REQUIRED WORK: Leave the pictures out and return every line below exactly.

* * * * * * * * *

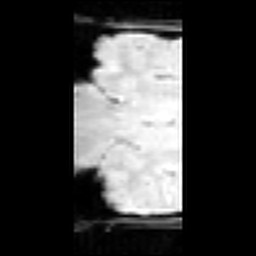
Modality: inplaneT1
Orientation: coronal
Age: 20
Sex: female
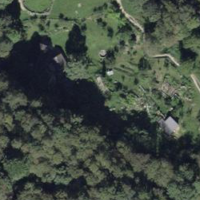
EUNIS habitat code: 41
Species observed at this site:
Clinopodium vulgare
Prunella vulgaris
Chelidonium majus
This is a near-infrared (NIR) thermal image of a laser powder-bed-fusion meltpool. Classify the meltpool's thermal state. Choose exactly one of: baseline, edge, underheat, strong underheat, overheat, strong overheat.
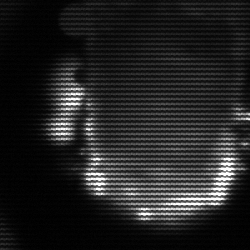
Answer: baseline
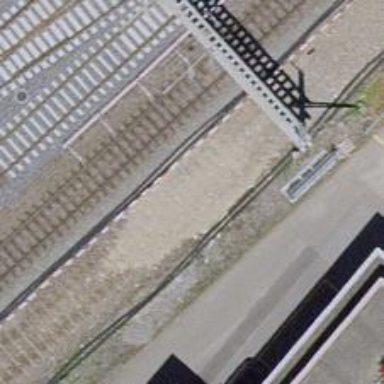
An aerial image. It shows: Yard with one track.
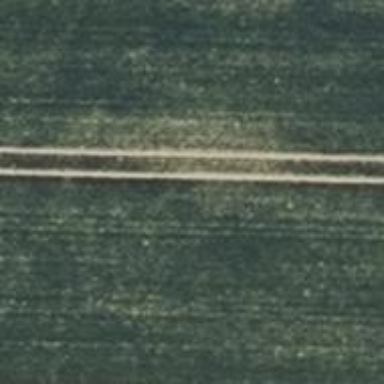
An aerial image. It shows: Minor power line with 3 cables.
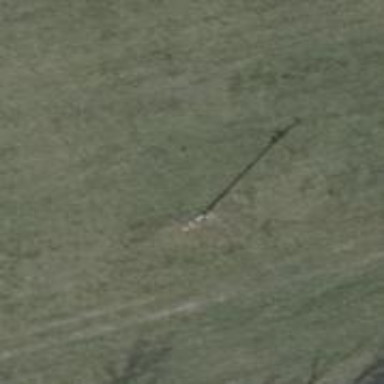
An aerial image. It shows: Power pole.
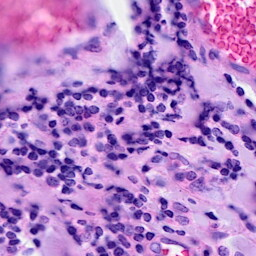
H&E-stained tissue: Breast
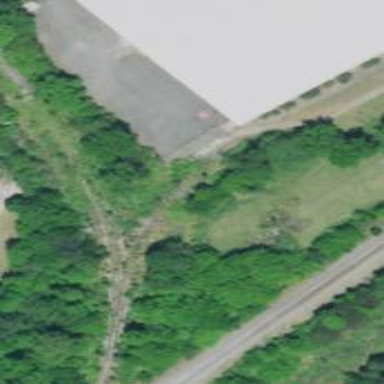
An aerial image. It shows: Disused railway spur.
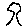
Label: tree
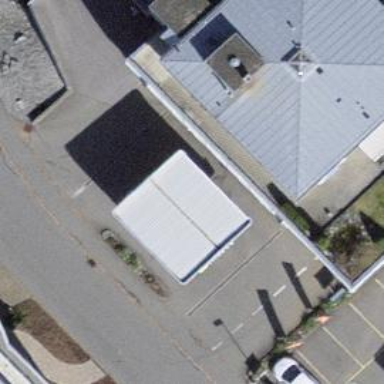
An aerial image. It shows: Fuel station.
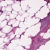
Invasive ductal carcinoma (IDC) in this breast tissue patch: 0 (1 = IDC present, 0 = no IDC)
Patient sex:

* * * * * * * * *

EXERCISE RESPONSE:
Modality: inplaneT1
Orientation: coronal
Age: 20
Sex: female
EUNIS habitat code: 41
Species observed at this site:
Clinopodium vulgare
Prunella vulgaris
Chelidonium majus
This is a near-infrared (NIR) thermal image of a laser powder-bed-fusion meltpool. Classify the meltpool's thermal state. Choose exactly one of: baseline, edge, underheat, strong underheat, overheat, strong overheat.
Answer: baseline
An aerial image. It shows: Yard with one track.
An aerial image. It shows: Minor power line with 3 cables.
An aerial image. It shows: Power pole.
H&E-stained tissue: Breast
An aerial image. It shows: Disused railway spur.
Label: tree
An aerial image. It shows: Fuel station.
Invasive ductal carcinoma (IDC) in this breast tissue patch: 0 (1 = IDC present, 0 = no IDC)
Patient sex:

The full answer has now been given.